Seborrheic dermatitis is a chronic from of inflammatory dermatitis characterized by erythema and desquamation with predominant localization on the face (nasolabial folds, eyebrows, hair-line and ears). It appears to be caused by proliferation of Malassezia yeasts. Lithium gluconate 8% gel (Lithioderm 8% gel) is the only drug containing topical lithium salt commercially available in France for the treatment of seborrheic dermatitis. The mechanism of action of topical lithium is not well known; it may act through anti-inflammatory and antifungal action. Efficacy and safety were assessed in 2 clinical studies, one versus placebo and the other versus ketoconazole 2% foaming gel using the same principal criterion defined as the rate of patients showing complete remission after 2 months of treatment (complete disappearance of both erythema and desquamation). Lithium gluconate 8% was significantly more effective than placebo and than ketoconazole 2% foaming gel and was well tolerated. Adverse events observed were cutaneous (burning sensation, erythema and pruritus), for the most part of mild severity. No cutaneous side effects contributed to those reported with the use of systemic lithium in psychiatric disorders were noted. Pharmacokinetic studies have shown that systemic absorption after topical application is low. Lithioderm 8% gel is applied twice daily over a recommended period of 2 months. It constitutes a new alternative in the treatment of facial seborrheic dermatitis, regardless of severity.

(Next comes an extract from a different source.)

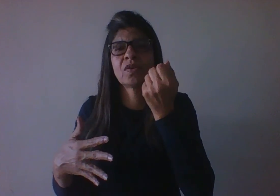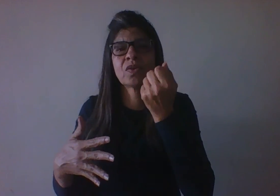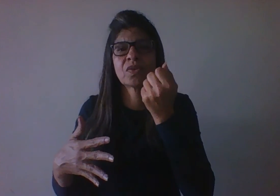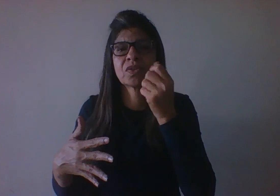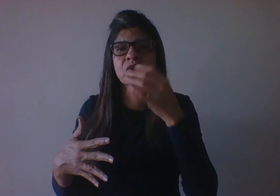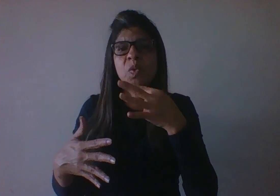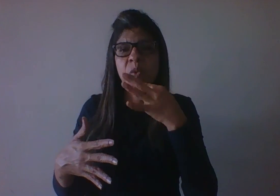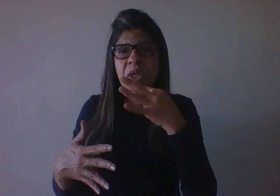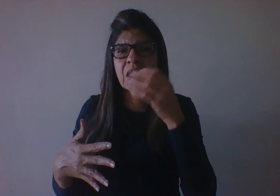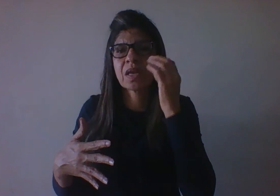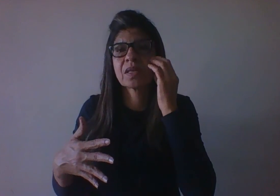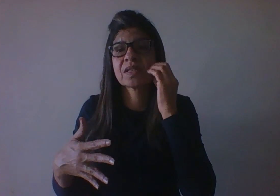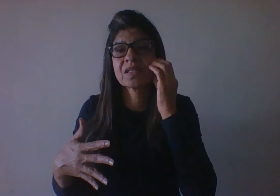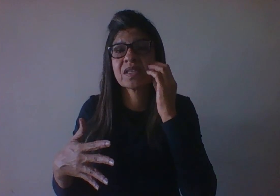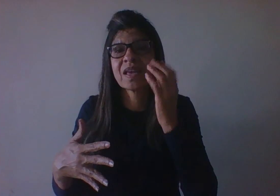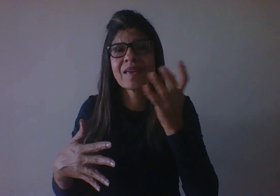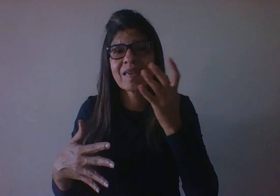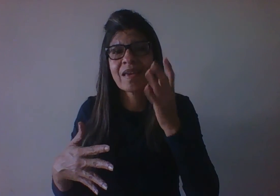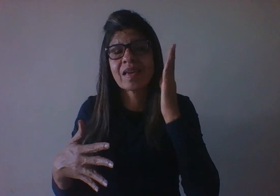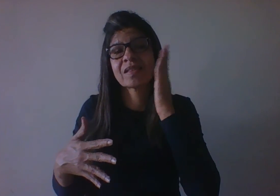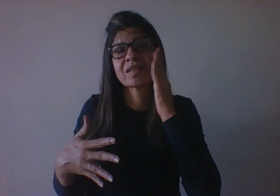é estimulada porque ela recebe

Thanks IH. I think I fall into the category of people who topical lithium works as an anti-inflammatory since my inflammation and itching has been nil since I've used your topical.

CS, I see you removed the lithium topical from your immortalhair.org page, do you still recommend using lithium as a topical? And what are your thoughts on oral supplementation with lithium these days?

It works good as a way to stop the sebum. The only problem is, it wasn't really effective to boosting hair growth. And it can feel quite dry on the scalp. So, it's more of a treatment than something that works something providing multiple benefit.

Vitamin A (with Vitamin D3) will keep a better handle in the long run on sebum, so that's primarily why I took the lithium topical off the page.

Lithium as orotate (not the prescription form) at 5 to 10 milligram elemental doses is quite helpful for neurological conditions.

CausticSymmetry wrote:

Vitamin A (with Vitamin D3) will keep a better handle in the long run on sebum, so that's primarily why I took the lithium topical off the page.

Lithium as orotate (not the prescription form) at 5 to 10 milligram elemental doses is quite helpful for neurological conditions.

CS, do you mean topical Vit. A and D3 or internal for sebum reduction?

Also, when you say Lithium Orotate 5 to 10mg being helpful for neurological conditions, does it increase Nerve Growth Factor?